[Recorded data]
=-=-=-=-=

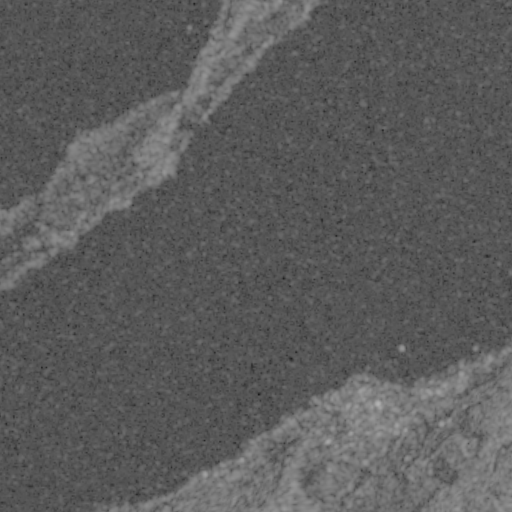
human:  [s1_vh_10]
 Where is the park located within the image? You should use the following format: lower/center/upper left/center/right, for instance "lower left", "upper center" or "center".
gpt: The park is located in the lower right of the image.
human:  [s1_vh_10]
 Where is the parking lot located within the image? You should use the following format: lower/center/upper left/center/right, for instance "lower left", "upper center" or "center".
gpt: The parking lot is located in the lower right of the image.
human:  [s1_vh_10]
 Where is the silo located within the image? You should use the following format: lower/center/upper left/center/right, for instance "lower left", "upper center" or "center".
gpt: The silo is located in the lower right of the image.
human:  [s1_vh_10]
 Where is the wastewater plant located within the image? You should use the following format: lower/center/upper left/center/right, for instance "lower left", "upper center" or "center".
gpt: The wastewater plant is located in the lower right of the image.
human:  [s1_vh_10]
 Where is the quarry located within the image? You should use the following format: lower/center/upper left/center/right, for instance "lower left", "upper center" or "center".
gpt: There is no quarry in the image.

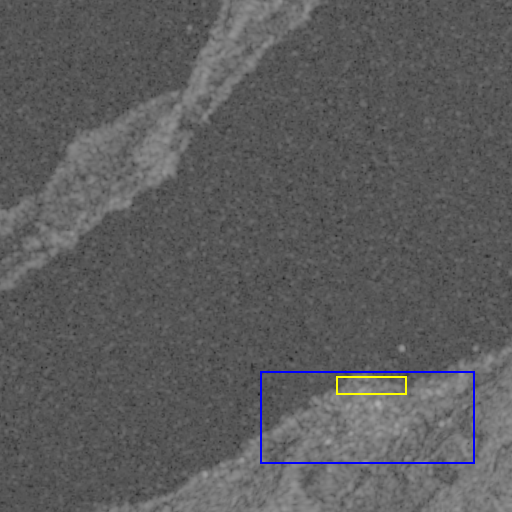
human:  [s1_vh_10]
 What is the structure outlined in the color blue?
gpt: The structure outlined in blue is a crop field.
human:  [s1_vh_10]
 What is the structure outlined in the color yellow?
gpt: The structure outlined in yellow is a park.
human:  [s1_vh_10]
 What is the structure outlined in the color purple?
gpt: There is no purple outline.
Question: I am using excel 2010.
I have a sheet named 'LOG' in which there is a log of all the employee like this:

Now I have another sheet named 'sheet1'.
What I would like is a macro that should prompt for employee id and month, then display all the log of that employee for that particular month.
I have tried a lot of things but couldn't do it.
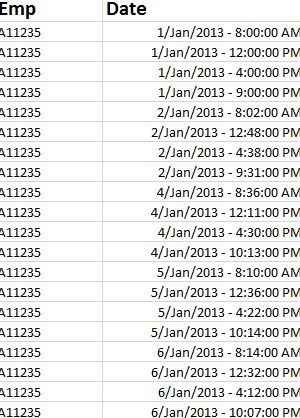
Answer: The following code will list the results in the column specified by the 'RESULTS_COLUMN' constant value, just add the following code to your worksheet. You'll also need 3 named ranges - 'EmployeeCode', 'StartDate' and 'EndDate' - to input your criteria, though you could always prompt for these another way:
'''
Sub DisplayRecords()
Const RESULTS_COLUMN As Long = 5
Dim strEmployeeCode As String
Dim dtStartDate As Date, dtEndDate As Date
Dim c As Range
On Error GoTo ErrorTrap
strEmployeeCode = [EmployeeCode]
dtStartDate = [StartDate]
dtEndDate = [EndDate]
' Clear the results column
With Sheet1
.Columns(RESULTS_COLUMN).ClearContents
.Cells(1, RESULTS_COLUMN).Value = "Results"
.Cells(1, RESULTS_COLUMN).Font.Bold = True
End With
For Each c In Sheet1.UsedRange.Columns(1).Cells
If c.Value = strEmployeeCode And c.Offset(, 1) >= dtStartDate And c.Offset(, 1) <= dtEndDate Then
' Find the next available cell in results column
Sheet1.Cells(Sheet1.Rows.Count, RESULTS_COLUMN).End(xlUp).Offset(1).Value = c.Offset(, 1).Value
End If
Next c
Exit Sub
ErrorTrap:
MsgBox "An error has occurred, please check input criteria", vbExclamation, ThisWorkbook.Name
End Sub
'''
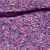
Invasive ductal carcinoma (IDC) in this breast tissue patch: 1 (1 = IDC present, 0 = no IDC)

=-=-=-=-=

• [PROBLEM DESCRIPTION] The records are given above. Copy each line in them that holds "wastewater".

• [WRITTEN REPLY]
 Where is the wastewater plant located within the image? You should use the following format: lower/center/upper left/center/right, for instance "lower left", "upper center" or "center".
gpt: The wastewater plant is located in the lower right of the image.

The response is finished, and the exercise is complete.